Calculating 'run and tumble' behavior of bacteria in groundwater
Bacteria in groundwater move in surprising ways. They can passively ride flowing groundwater, or they can actively move on their own in what scientists call "run and tumble" behavior. However, most numerical models of bacterial transport in groundwater stumble when it comes to calculating how bacteria move. As a first step in improving these models, scientists studied the movements of two kinds of microorganisms. They then factored those characteristics into a simple micro-scale transport model that more accurately predicted changes underground.
Current reactive transport models either do not account for any movement or only simulate passive transport of bacteria in groundwater, which can lead to a poor understanding of bacteria's influence on contaminant transport and nutrient cycling. The results of this study can help scientists develop more accurate numerical models of bacterial transport so they can better understand the role of bacteria in hydro-biogeochemical processes. These results can also help engineers design better approaches for managing contaminant plumes.

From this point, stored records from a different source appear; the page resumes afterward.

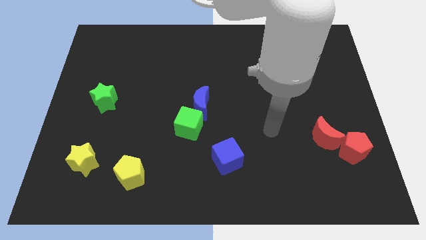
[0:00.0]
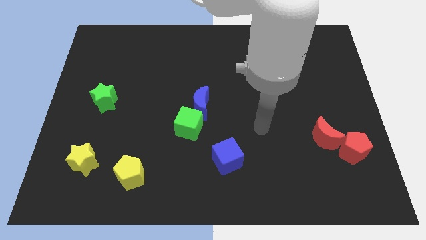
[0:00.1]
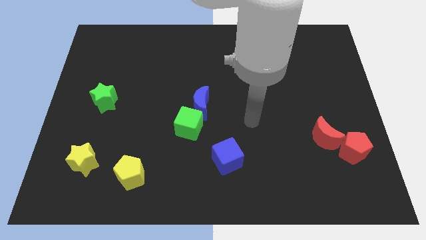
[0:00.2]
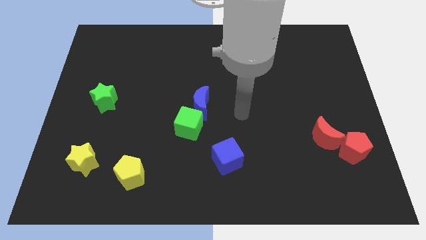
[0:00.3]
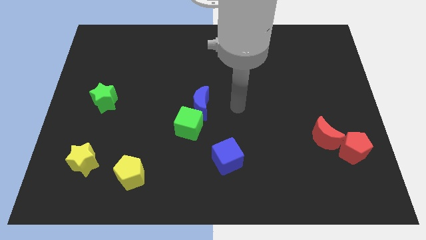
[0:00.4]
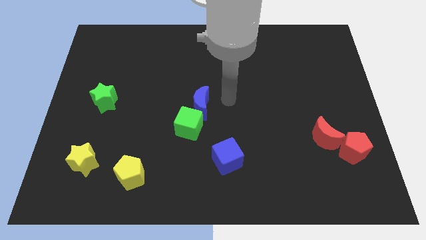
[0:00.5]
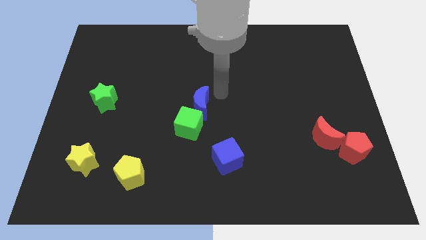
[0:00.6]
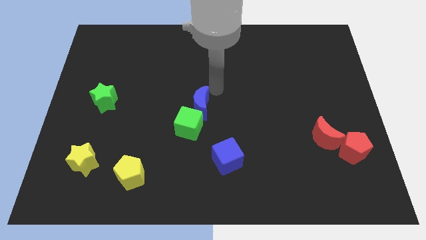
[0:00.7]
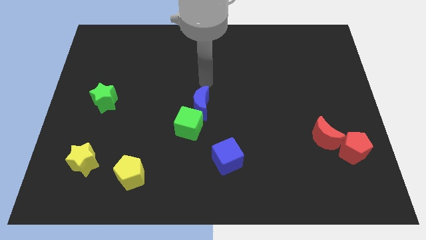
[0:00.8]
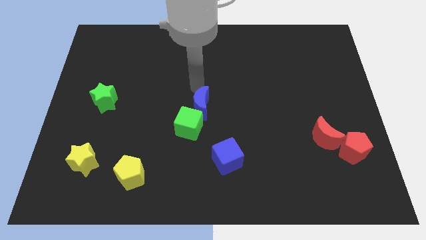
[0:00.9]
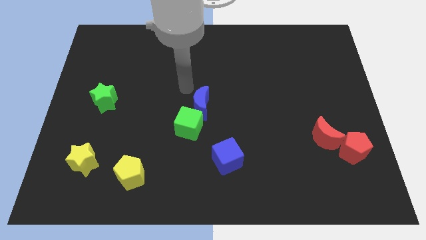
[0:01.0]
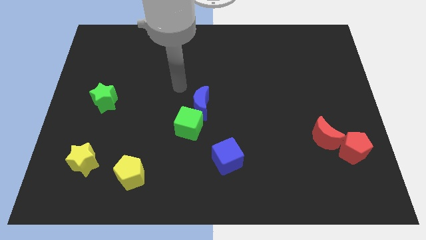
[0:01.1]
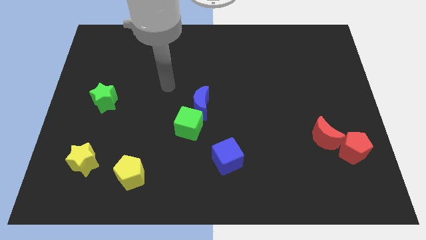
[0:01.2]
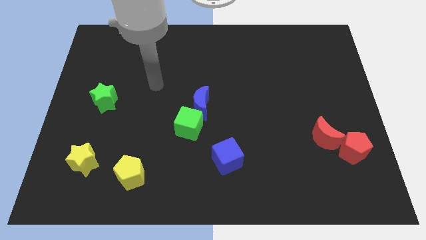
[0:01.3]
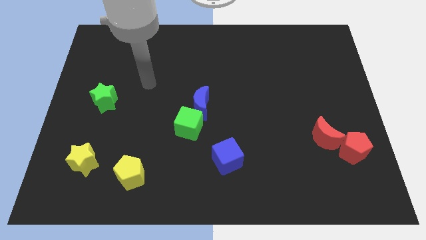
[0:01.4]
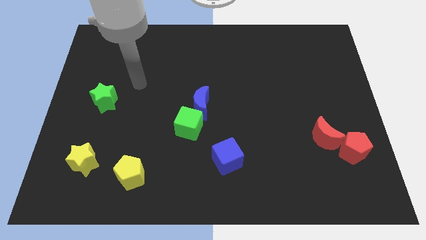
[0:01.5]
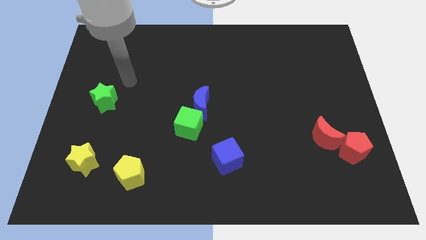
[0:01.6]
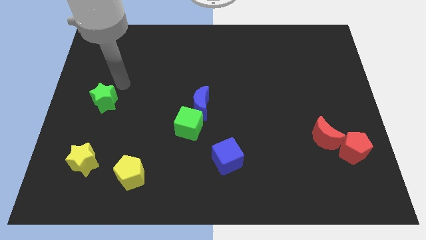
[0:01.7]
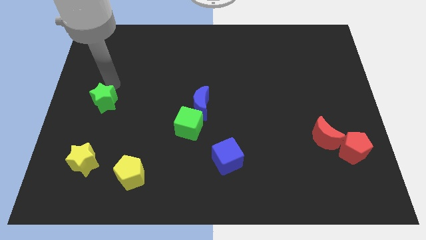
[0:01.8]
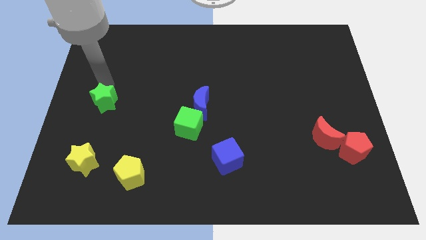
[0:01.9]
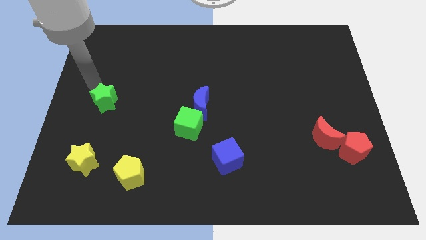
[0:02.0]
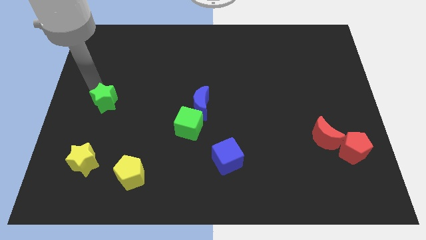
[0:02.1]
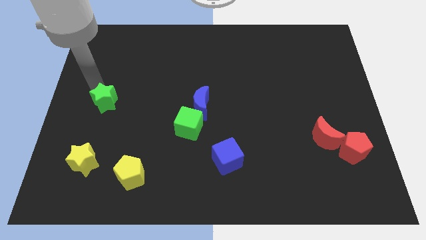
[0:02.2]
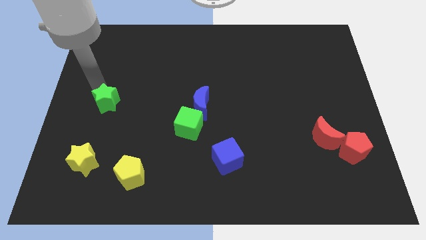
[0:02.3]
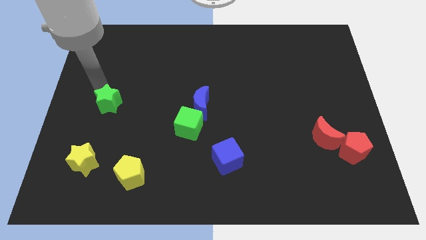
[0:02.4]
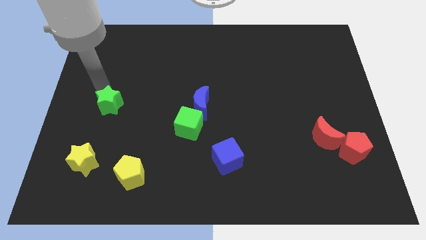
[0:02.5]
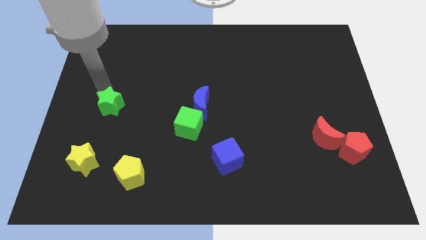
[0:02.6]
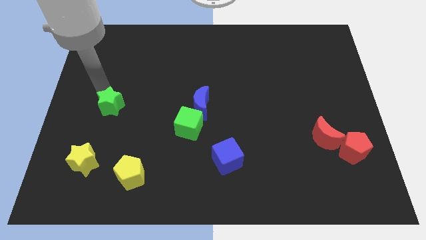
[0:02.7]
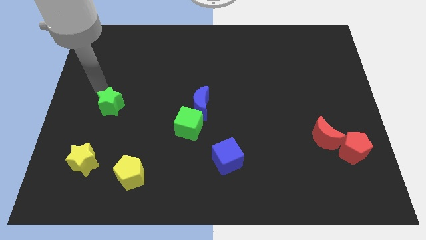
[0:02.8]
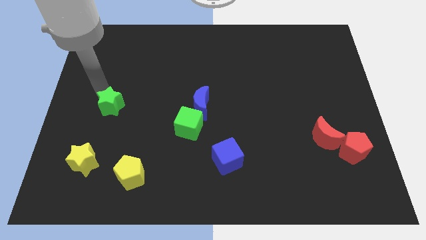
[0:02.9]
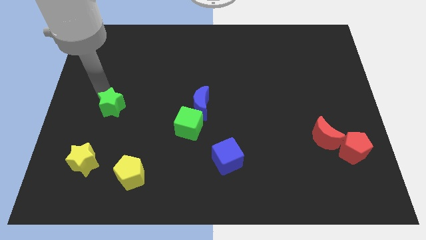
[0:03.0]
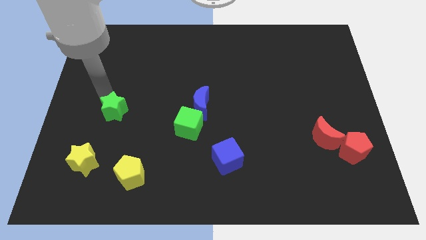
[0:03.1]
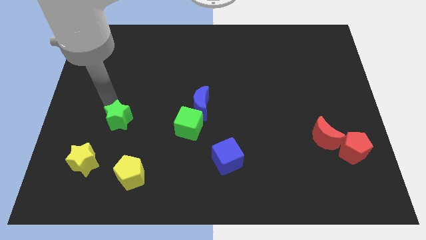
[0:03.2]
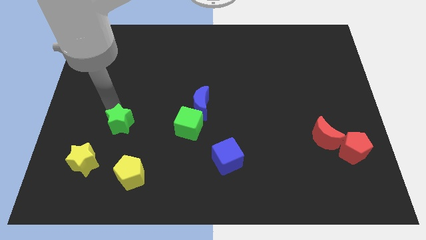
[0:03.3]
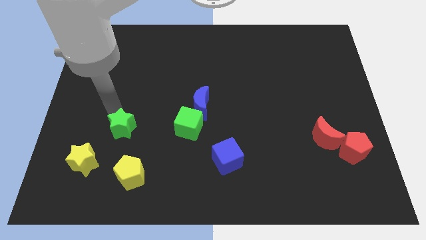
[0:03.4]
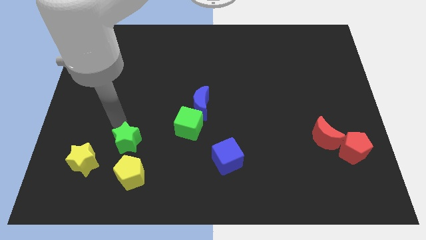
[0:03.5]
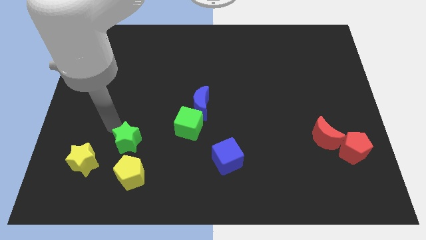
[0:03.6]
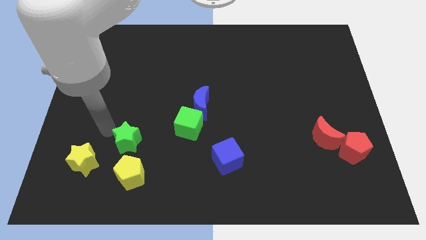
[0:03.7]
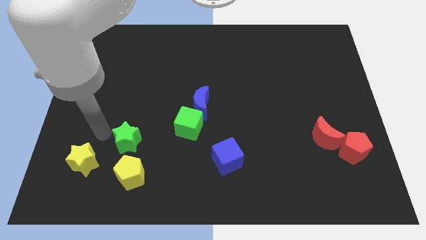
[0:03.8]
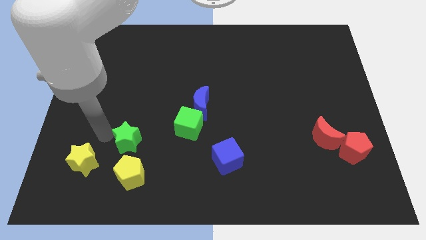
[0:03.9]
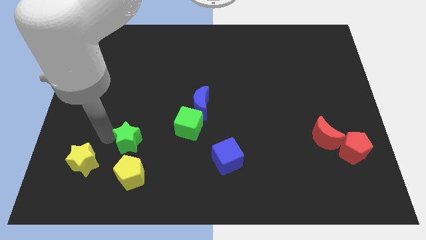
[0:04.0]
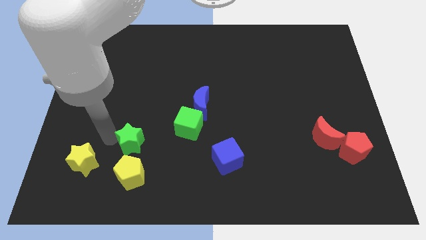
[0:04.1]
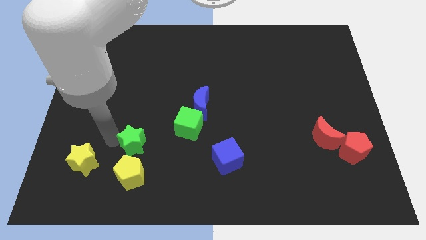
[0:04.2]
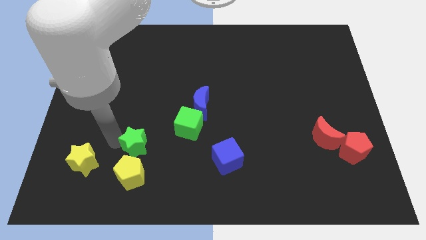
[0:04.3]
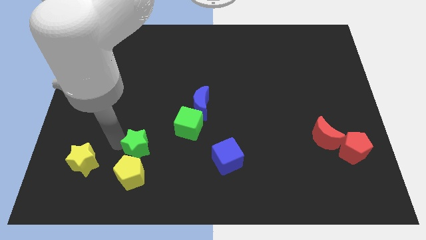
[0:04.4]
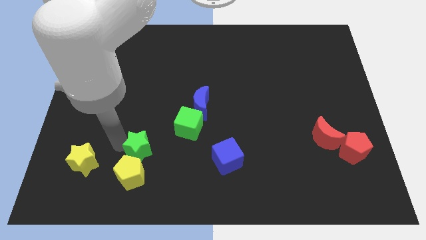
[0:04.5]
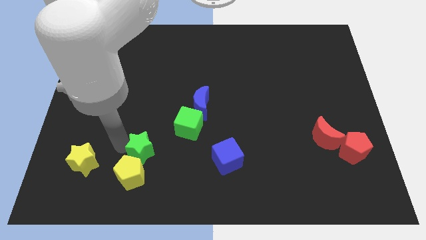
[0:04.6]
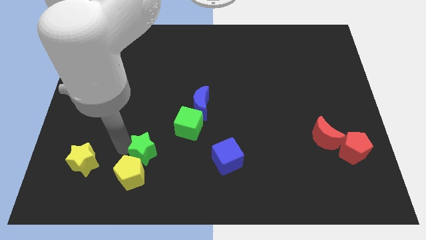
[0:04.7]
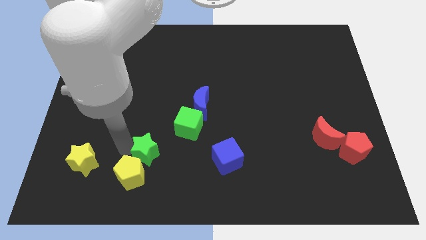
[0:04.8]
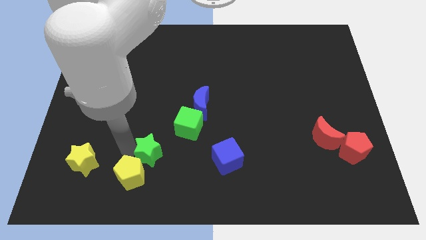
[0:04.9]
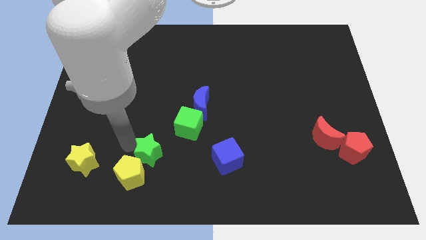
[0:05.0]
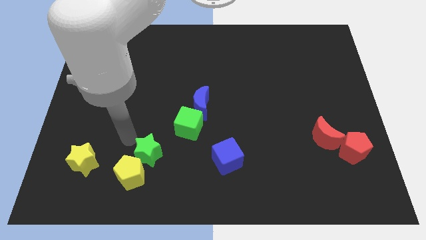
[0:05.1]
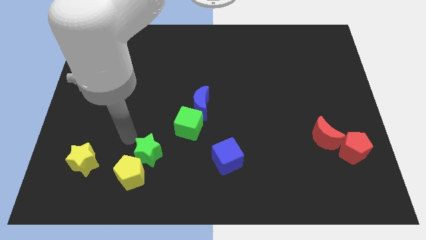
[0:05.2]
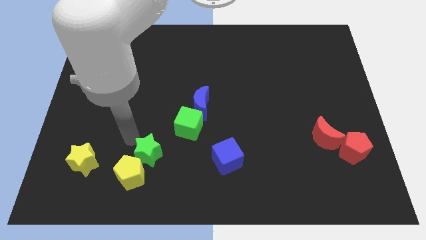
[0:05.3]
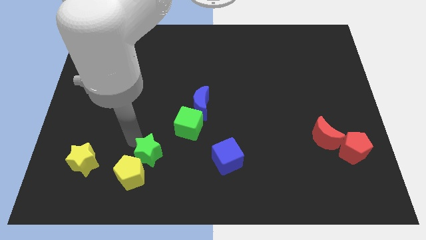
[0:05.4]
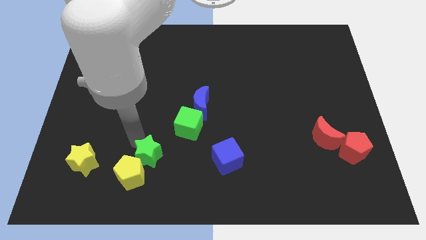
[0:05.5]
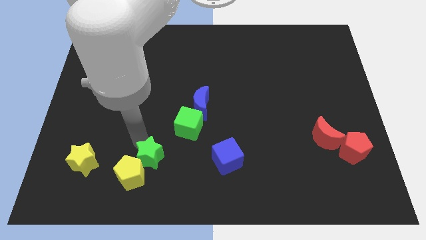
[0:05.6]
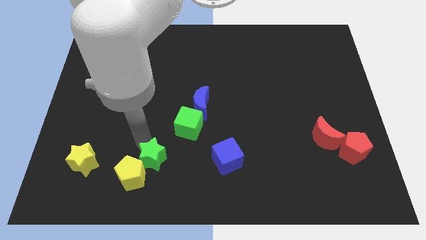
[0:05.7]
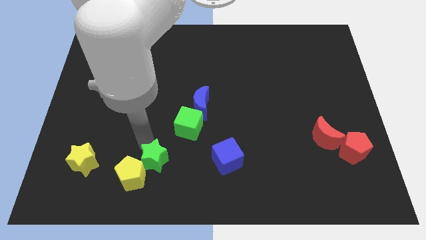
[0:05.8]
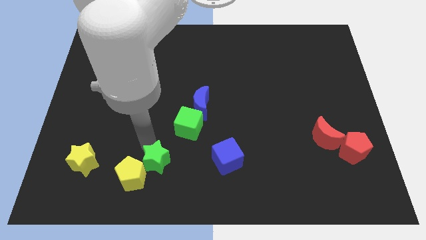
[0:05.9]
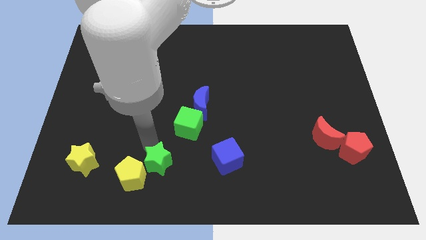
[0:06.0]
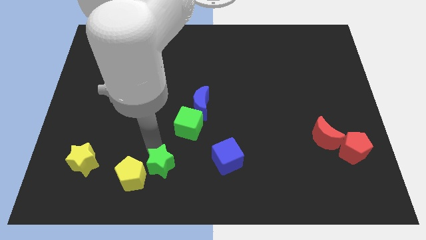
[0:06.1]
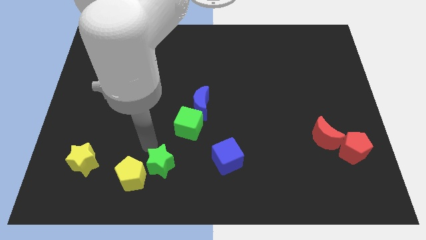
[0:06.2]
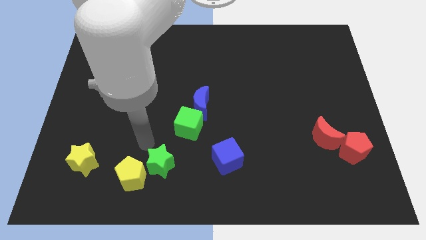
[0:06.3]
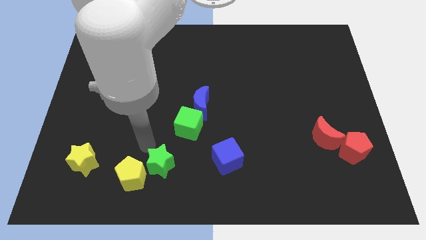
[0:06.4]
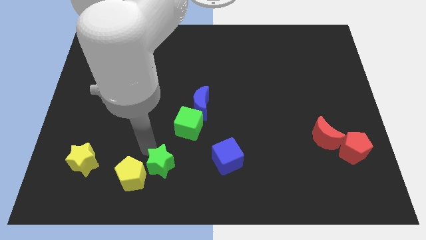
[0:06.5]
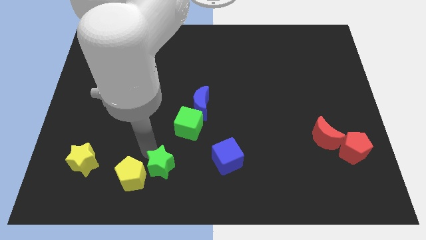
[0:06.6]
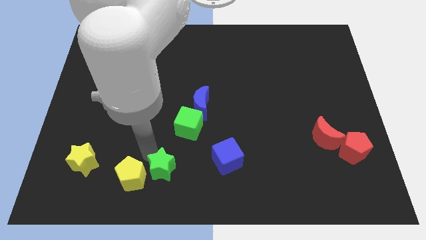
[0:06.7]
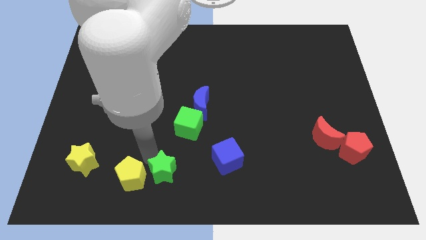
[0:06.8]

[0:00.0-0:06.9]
put the green star to the bottom side

Scientists at the Desert Research Institute, Pacific Northwest National Laboratory, Brigham Young University, and EMSL, the Environmental Molecular Sciences Laboratory, partnered to study how two different types of microorganisms moved in flowing groundwater. Both types of microorganisms had been used in contaminant transport studies, one at the Hanford Site in southeastern Washington State and one at the U.S. Department of Energy field research site in Rifle, Colorado. The scientists studied trajectories of individual cells over several seconds to a few minutes. Using EMSL's super resolution fluorescence microscope, they noted a distinct run (movement in one direction) followed by a tumble (a sudden, random change in direction). By calculating the length and timing of these movements, they could develop a simple Continuous Time Random Walk (CTRW) model to predict how the bacteria would move. When compared to current models for bacterial remediation, the CTRW model was better at predicting bacterial transport in many circumstances. The CTRW model is the first step in developing and testing new reactive transport models that incorporate bacterial transport behavior.